Blue Jays taking all they can from Pitch-A-Palooza conference

Toronto Blue Jays general manager Ross Atkins joins Hazel Mae to talk about being linked to players out in the MLB to improve the team, the potential of players in the farm system and more from the MLB Winter Meetings.

LAKE BUENA VISTA, Fla. – On their way down to Disney’s fabulous Swan and Dolphin Resort for the winter meetings, a large contingent of Toronto Blue Jays staff made a pit stop in Music City, USA, for a weekend at Pitch-A-Palooza, which is not just one of many amateur-baseball coaching clinics. In fact, it might just be the best amateur-baseball coaching clinic, and one that has caught the eye of several major-league organizations over the last few years.

General manager Ross Atkins attended the clinic, along with vice-president of baseball operations Ben Cherington, assistant GM Joe Sheehan, director of player development Gil Kim, pitching co-ordinator Jeff Ware, pitching coach Pete Walker, bullpen coach Dane Johnson, senior pitching advisor Rick Langford and special assistants Pat Hentgen and Paul Quantrill.

Pitch-A-Palooza is a conference at which “a lot of the better pitching experts in the amateur game talk about what’s the latest in pitching,” explained Atkins. “We attended all the presentations and then we would pull out and have discussions about what we liked, what we didn’t like. We’re always talking about the whole player and when you’re talking about a delivery you want to talk about biomechanics and the strength and conditioning aspect.”

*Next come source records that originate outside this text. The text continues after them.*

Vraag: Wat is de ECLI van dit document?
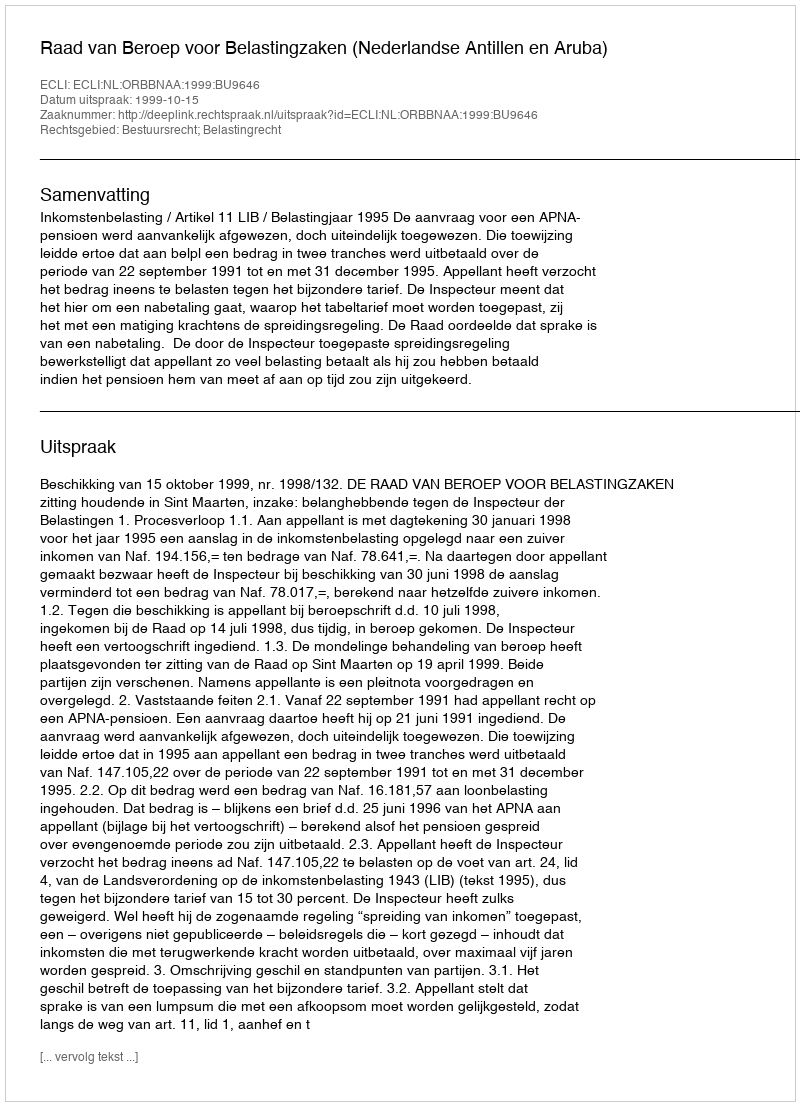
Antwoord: ECLI:NL:ORBBNAA:1999:BU9646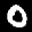
Label: 0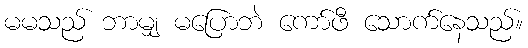
မမသည် ဘာမျှ မပြောဘဲ ကော်ဖီ သောက်နေသည်။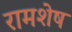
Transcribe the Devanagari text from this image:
रामशेष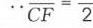
$\because \overline {CF}=\frac {}{2}$

There are presentations about “the latest in weighted balls and long-toss and using advanced information, using analytics, using Trackman (radar technology).” Atkins added, “There are tools – Motus (wearable arm-tracking and biomechanical technology) and the force-plate technology that’s prevalent in the amateur game and not as prevalent in the professional game.”

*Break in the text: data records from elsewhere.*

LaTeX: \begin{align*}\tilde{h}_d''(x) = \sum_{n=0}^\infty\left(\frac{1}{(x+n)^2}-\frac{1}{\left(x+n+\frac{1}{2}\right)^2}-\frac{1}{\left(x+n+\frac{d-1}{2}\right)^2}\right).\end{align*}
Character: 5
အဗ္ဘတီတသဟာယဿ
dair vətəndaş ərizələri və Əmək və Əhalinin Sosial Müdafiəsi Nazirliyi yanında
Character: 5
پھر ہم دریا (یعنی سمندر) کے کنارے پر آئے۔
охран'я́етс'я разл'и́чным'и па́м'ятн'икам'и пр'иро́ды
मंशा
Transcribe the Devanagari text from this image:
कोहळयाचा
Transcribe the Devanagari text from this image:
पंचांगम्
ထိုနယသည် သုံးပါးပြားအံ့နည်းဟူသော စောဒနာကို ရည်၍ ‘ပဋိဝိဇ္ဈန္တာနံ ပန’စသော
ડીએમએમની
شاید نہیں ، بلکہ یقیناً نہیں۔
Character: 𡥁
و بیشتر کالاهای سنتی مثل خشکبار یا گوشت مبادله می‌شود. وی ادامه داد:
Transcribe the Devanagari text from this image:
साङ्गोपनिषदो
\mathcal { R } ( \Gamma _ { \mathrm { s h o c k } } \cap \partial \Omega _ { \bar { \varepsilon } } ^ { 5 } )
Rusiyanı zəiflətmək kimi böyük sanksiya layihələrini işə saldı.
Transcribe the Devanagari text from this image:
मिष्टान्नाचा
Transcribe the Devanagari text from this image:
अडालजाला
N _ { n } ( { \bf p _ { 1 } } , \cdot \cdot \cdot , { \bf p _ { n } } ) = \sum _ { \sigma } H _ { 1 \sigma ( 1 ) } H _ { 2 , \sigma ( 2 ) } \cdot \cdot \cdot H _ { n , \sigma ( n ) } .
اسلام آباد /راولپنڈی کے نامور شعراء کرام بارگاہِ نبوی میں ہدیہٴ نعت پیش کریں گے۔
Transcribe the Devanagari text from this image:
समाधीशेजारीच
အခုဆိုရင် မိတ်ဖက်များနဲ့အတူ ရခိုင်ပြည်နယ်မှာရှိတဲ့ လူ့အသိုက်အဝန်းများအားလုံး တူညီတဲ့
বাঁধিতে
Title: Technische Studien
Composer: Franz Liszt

Force-plate technology, Atkins explained, looks at “how (one is) maximizing (one’s) lower half in order to get the most power out of that release point. The research is probably a bit light there, but there’s a lot to be learned from it and you definitely want to be in on the ground floor and learn with it.”

It was a massive group of Blue Jays, and it also included two men who work well below the surface of the big-league club – minor-league rehab co-ordinator Pat Chase and Jeremy Trach, who has served as strength and conditioning coach for both the Dunedin Blue Jays and Vancouver Canadians (and someone to keep an eye on for a big-league job with the Blue Jays’ dismissal of Chris Joyner earlier this off-season).

Chase and Trach got invites along with all the front-office and pitching minds in order to lend perspective from their areas of expertise. During the conference, the Blue Jays contingent would gather to discuss the presentations they’d attended, to see how the information they’d learned could be best used to tweak how the organization develops pitching. Chase lent his expertise in arm care and health, Trach took care of the physical therapy aspect.

“A pitching philosophy can’t be ‘Jeff Ware’s pitching philosophy,’” said Atkins. “It has to be organizational so that if Jeff Ware and Pete Walker and Ross Atkins aren’t here, our pitching philosophy continues to grow and has a great foundation.”

In order to accomplish that goal, the Blue Jays don’t mind looking to the amateur ranks for help.

“Some amateur programs have more resources than professional teams because of the way we’re constructed,” said Atkins. “(And while) it runs counter to the culture of professional baseball to learn from the amateur world, that’s something that we don’t personally believe in. We’re trying to do everything we can to learn from anyone.”

Pitch-A-Palooza, which is held just outside Nashville, Tenn., in Franklin, is the brainchild of Baseball Think Tank’s Lantz Wheeler. The Cleveland Indians, under Mark Shapiro and Atkins, were the first major-league team to attend the event. Last weekend’s clinic had approximately 20 big-league clubs in attendance. It’s referred to as “a master class in player development” that is attended by over 100 high school and college baseball coaches and offers a “contrast of ideas, philosophies and teachings where traditional thoughts on instruction and player development are questioned and challenged.”